§ **Directions**:
Return copies of the lines below that mention "positions".

-- Opening Marker --

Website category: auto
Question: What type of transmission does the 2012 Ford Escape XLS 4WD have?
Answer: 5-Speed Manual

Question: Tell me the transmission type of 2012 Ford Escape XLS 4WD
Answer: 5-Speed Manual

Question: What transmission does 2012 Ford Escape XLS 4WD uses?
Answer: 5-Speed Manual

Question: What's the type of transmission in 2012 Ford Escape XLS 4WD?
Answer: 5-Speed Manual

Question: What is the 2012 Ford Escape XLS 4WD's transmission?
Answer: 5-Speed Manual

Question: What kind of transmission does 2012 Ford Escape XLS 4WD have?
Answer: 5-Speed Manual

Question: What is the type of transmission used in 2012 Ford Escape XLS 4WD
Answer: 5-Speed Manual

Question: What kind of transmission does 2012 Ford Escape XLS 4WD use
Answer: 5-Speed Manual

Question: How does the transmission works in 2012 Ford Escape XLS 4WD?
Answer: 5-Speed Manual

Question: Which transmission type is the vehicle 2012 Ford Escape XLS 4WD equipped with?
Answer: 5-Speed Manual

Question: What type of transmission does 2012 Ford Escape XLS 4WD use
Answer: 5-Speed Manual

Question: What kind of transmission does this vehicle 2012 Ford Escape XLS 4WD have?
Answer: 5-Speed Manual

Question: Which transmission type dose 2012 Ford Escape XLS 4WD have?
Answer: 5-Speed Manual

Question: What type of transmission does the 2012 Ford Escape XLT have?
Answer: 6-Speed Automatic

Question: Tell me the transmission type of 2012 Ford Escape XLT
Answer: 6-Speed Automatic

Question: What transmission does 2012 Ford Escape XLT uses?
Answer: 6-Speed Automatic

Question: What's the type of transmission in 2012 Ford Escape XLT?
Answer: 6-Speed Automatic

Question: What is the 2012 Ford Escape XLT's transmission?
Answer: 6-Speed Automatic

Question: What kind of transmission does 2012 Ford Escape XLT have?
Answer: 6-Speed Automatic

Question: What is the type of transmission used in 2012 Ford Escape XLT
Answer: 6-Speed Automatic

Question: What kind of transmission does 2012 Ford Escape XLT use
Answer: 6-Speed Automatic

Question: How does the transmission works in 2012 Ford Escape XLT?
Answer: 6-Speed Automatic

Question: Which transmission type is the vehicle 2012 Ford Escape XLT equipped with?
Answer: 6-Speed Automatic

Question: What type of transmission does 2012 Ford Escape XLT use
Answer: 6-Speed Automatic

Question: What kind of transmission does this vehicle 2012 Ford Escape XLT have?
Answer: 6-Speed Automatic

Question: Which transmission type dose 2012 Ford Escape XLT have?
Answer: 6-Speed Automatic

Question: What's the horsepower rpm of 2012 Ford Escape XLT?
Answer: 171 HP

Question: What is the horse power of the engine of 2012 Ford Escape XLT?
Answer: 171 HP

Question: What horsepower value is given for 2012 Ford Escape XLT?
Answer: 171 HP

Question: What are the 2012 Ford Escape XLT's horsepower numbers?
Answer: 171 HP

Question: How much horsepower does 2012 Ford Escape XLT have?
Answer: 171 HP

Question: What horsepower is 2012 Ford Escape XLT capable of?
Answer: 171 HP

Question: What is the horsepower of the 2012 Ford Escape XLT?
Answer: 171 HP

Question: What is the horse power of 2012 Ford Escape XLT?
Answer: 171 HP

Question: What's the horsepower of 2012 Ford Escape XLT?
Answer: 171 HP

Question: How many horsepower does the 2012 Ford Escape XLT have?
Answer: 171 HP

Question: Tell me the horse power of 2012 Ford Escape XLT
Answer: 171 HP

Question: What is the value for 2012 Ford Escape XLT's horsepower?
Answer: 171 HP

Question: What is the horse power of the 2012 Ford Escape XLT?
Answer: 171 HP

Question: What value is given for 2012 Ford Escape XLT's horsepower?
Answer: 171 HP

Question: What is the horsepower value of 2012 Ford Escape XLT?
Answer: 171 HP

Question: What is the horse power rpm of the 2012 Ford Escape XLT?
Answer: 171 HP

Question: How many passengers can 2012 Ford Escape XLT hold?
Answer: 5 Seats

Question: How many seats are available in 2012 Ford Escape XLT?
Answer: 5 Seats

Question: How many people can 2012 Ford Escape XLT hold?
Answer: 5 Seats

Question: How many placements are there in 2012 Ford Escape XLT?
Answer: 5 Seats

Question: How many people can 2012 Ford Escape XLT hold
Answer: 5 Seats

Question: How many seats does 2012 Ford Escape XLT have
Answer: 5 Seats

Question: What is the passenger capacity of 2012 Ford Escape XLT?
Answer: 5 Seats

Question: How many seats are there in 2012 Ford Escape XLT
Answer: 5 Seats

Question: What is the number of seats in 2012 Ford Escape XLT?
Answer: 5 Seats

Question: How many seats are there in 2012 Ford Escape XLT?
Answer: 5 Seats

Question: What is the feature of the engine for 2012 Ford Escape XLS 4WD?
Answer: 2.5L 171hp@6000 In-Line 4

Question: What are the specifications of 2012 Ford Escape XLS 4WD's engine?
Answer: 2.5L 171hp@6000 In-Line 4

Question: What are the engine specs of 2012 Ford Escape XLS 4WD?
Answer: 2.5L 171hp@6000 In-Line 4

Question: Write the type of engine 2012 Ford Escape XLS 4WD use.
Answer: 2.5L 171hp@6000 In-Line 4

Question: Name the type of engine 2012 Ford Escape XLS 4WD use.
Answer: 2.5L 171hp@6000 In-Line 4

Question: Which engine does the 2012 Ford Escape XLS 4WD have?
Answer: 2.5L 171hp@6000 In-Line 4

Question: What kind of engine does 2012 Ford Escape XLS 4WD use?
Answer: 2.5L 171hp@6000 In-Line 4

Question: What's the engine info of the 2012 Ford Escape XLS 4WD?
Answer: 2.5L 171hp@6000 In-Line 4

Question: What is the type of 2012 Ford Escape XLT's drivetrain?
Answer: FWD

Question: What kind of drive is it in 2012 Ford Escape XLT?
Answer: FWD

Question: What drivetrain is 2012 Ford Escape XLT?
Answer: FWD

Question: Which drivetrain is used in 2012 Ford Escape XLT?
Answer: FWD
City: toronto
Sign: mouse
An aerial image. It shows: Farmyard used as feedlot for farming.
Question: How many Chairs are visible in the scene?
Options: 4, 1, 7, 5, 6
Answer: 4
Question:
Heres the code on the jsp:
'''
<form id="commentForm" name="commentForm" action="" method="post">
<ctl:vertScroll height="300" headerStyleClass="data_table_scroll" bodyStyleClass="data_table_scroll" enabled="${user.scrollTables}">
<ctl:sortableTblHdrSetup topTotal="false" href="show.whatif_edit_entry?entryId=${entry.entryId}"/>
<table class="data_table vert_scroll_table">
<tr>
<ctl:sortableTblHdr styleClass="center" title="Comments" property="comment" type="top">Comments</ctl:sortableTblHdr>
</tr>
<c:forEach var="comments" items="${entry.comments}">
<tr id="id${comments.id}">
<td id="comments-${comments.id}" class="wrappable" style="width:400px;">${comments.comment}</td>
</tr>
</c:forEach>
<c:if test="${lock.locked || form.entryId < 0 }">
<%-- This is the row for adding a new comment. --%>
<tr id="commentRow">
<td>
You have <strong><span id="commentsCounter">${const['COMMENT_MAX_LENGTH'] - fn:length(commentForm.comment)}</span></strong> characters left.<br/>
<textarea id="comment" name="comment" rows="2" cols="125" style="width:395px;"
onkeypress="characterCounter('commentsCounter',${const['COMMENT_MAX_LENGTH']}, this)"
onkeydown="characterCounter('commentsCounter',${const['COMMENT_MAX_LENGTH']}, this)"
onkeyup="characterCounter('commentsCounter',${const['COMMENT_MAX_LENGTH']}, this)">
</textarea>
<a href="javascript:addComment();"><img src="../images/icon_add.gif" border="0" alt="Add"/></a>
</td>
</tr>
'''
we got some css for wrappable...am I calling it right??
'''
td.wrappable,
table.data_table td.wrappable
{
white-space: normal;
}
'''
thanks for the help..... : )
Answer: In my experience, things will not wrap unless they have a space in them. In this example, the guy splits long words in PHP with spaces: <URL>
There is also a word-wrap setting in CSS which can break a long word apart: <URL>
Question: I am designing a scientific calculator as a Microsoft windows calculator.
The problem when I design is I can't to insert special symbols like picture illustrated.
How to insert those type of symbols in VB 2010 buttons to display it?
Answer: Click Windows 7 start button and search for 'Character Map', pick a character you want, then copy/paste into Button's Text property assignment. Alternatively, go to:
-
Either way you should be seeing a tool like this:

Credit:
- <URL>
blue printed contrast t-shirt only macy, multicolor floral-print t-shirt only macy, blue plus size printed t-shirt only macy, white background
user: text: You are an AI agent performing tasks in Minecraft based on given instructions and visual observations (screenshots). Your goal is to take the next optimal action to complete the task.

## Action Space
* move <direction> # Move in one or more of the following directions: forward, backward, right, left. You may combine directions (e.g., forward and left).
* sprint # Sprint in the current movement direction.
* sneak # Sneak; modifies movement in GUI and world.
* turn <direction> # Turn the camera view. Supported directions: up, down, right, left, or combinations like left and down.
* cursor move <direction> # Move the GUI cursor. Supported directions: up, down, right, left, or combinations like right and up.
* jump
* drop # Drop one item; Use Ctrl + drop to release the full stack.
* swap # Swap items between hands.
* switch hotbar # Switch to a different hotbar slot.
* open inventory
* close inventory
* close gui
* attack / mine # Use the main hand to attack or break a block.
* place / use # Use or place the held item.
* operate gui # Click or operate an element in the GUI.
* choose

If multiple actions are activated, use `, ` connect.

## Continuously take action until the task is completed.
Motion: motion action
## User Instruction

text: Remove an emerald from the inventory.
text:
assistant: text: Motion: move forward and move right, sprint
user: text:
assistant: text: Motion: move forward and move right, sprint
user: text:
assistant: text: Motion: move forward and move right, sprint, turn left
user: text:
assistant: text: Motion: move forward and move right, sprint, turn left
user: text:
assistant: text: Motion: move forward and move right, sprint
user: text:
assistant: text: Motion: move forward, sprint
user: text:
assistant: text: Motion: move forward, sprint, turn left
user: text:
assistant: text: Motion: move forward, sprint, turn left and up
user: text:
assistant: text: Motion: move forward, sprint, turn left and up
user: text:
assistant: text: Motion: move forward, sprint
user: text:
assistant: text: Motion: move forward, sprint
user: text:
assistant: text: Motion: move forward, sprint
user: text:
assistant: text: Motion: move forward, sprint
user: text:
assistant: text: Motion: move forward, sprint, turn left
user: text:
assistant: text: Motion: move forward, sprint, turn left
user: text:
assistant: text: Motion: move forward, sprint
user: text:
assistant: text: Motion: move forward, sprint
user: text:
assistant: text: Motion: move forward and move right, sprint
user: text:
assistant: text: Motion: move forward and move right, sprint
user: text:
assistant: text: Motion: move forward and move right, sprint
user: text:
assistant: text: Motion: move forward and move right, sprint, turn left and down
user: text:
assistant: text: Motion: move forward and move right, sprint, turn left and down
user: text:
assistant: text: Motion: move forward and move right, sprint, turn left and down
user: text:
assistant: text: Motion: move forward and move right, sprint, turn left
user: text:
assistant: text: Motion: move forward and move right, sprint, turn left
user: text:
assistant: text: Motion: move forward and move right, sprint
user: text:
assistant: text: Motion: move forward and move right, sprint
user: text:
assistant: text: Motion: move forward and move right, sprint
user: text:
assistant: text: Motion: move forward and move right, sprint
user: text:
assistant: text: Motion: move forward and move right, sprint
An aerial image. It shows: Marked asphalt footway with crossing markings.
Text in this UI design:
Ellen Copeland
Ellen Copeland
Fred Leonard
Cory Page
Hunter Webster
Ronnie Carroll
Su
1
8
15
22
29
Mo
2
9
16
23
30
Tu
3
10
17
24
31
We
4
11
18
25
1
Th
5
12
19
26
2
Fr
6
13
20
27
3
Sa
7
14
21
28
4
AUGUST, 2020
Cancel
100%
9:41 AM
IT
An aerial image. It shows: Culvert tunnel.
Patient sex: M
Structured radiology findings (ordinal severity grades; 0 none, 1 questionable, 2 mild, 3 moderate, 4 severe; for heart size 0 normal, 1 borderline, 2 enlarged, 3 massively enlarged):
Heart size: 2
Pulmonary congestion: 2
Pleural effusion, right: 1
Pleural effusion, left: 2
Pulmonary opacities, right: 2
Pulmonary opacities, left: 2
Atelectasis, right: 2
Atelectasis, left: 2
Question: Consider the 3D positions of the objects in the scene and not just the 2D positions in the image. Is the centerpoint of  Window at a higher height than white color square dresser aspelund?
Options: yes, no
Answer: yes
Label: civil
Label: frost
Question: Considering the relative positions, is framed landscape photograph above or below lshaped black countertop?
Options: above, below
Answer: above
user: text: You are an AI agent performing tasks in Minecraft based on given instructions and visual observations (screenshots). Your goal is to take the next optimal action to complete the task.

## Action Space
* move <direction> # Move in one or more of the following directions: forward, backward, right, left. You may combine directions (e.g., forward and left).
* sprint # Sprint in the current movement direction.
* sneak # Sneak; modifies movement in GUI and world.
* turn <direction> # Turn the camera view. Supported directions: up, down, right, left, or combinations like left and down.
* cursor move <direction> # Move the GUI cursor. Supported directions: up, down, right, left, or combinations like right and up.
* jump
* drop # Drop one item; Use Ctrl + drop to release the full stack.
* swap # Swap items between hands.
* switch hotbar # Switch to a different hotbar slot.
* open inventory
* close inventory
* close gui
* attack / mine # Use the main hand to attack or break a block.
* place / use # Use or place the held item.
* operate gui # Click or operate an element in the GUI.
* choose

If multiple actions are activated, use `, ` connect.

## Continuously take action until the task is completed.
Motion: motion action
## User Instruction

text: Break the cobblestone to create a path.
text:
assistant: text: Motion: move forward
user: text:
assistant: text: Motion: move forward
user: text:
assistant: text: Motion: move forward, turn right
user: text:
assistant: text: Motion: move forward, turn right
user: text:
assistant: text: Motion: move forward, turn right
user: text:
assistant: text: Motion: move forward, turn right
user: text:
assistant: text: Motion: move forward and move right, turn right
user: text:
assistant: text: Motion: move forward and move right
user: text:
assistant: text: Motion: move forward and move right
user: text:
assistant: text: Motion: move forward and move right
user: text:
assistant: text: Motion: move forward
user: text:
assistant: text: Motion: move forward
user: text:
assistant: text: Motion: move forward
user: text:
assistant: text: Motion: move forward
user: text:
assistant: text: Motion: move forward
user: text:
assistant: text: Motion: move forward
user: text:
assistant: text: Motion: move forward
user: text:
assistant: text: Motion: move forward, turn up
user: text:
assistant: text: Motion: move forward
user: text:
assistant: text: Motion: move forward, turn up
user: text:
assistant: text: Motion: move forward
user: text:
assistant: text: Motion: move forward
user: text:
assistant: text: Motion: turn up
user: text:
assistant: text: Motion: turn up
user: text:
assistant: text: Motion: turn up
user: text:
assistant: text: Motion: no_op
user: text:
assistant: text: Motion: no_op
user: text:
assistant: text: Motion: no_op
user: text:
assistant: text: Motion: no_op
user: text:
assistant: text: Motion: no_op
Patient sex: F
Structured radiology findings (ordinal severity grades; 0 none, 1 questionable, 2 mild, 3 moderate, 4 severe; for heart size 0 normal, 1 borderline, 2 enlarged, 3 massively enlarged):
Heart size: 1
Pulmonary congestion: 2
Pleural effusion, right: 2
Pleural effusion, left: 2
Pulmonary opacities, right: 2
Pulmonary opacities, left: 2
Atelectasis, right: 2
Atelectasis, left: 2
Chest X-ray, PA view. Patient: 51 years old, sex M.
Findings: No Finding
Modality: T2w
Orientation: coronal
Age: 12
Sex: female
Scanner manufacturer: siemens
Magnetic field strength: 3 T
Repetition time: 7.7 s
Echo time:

-- Closing Marker --

§ **Answer section**:
Question: Consider the 3D positions of the objects in the scene and not just the 2D positions in the image. Is the centerpoint of  Window at a higher height than white color square dresser aspelund?
Question: Considering the relative positions, is framed landscape photograph above or below lshaped black countertop?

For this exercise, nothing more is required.